NVIDIA: Record Sales of Gaming GPUs

Jon Peddie Research reports that NVIDIA shipped approximately 9.25 million desktop GPUs (up 39.8% QoQ) and increased its notebook GPU shipments by 38.7% sequentially in calendar Q3. NVIDIA does not officially disclose the number of graphics processors it sells, but the company’s revenue for gaming-grade GPUs skyrocketed to $1.244 billion in its Q3 FY2017 (ended October 30, 2016), so it is logical to assume that shipments of its graphics chips (both for desktops and notebooks) were very strong in the calendar third quarter as well.

“Gaming revenue crossed the $1 billion mark and increased 63% year-on-year to a record $1.24 billion, fueled by our Pascal-based GPUs,” said Colette M. Kress, CFO of NVIDIA, during the company’s earnings conference call. “Demand was strong in every geographic region across desktop and notebook, and across the full gaming audience, from GTX 1050 to the TITAN X.”

NVIDIA itself attributes its success in the third quarter to sales of its Pascal-based products — the GeForce GTX 1060, 1070 and 1080 as well as their mobile brethren.
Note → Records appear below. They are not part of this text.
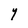
Character: Y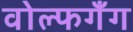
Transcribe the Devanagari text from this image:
वोल्फगँग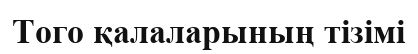
Того қалаларының тізімі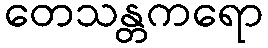
တေသန္တကရော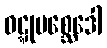
ဝဋ္ဋုပစ္ဆေဒေါ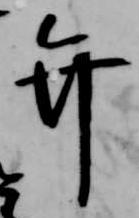
弁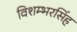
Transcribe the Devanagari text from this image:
विशम्भरसिंह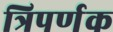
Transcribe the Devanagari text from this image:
त्रिपर्णक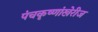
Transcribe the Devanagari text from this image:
पंचकृष्णांखेरीज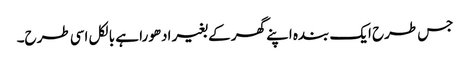
جس طرح ایک بندہ اپنے گھر کے بغیر ادھورا ہے بالکل اسی طرح۔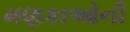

Since such boards start at $199 and their ASP should be considerably higher than that, it is not surprising that NVIDIA earned a lot despite a decrease in unit sales compared to Q3 in 2015. Unfortunately, we do not know exact rankings of AMD and NVIDIA in the enthusiast part of the market in terms of units, but it looks like the green company commands the lion’s share of this lucrative segment in terms of both units and dollars. Moreover, this situation is going to last for some time before AMD introduces its next-generation Greenland/Vega GPUs.

For the three-quarters so far in 2016, NVIDIA has sold approximately 25 million of desktop discrete GPUs. This is ~4% lower than in the first three quarters of 2015 (around 26 million). Nonetheless, despite slightly lower unit sales, the company is thriving financially due to higher ASPs. Moreover, NVIDIA’s management implies that demand for its desktop GPUs is still very high and sales of graphics cards may increase in Q4 as a result of improved yields and/or increased allocation at TSMC. If this happens, the company could sell around 35 million desktop GPUs in total this year, the same amount as in 2015.

“In terms of Pascal, we are still ramping,” said Jen-Hsun Huang, CEO of NVIDIA. “Production is fully ramped in the sense that all of our products are [certified and qualified with OEMs], they are on the market. However, demand is still high. So, we are going to continue to work hard, and our manufacturing partner TSMC is doing a great job for us.”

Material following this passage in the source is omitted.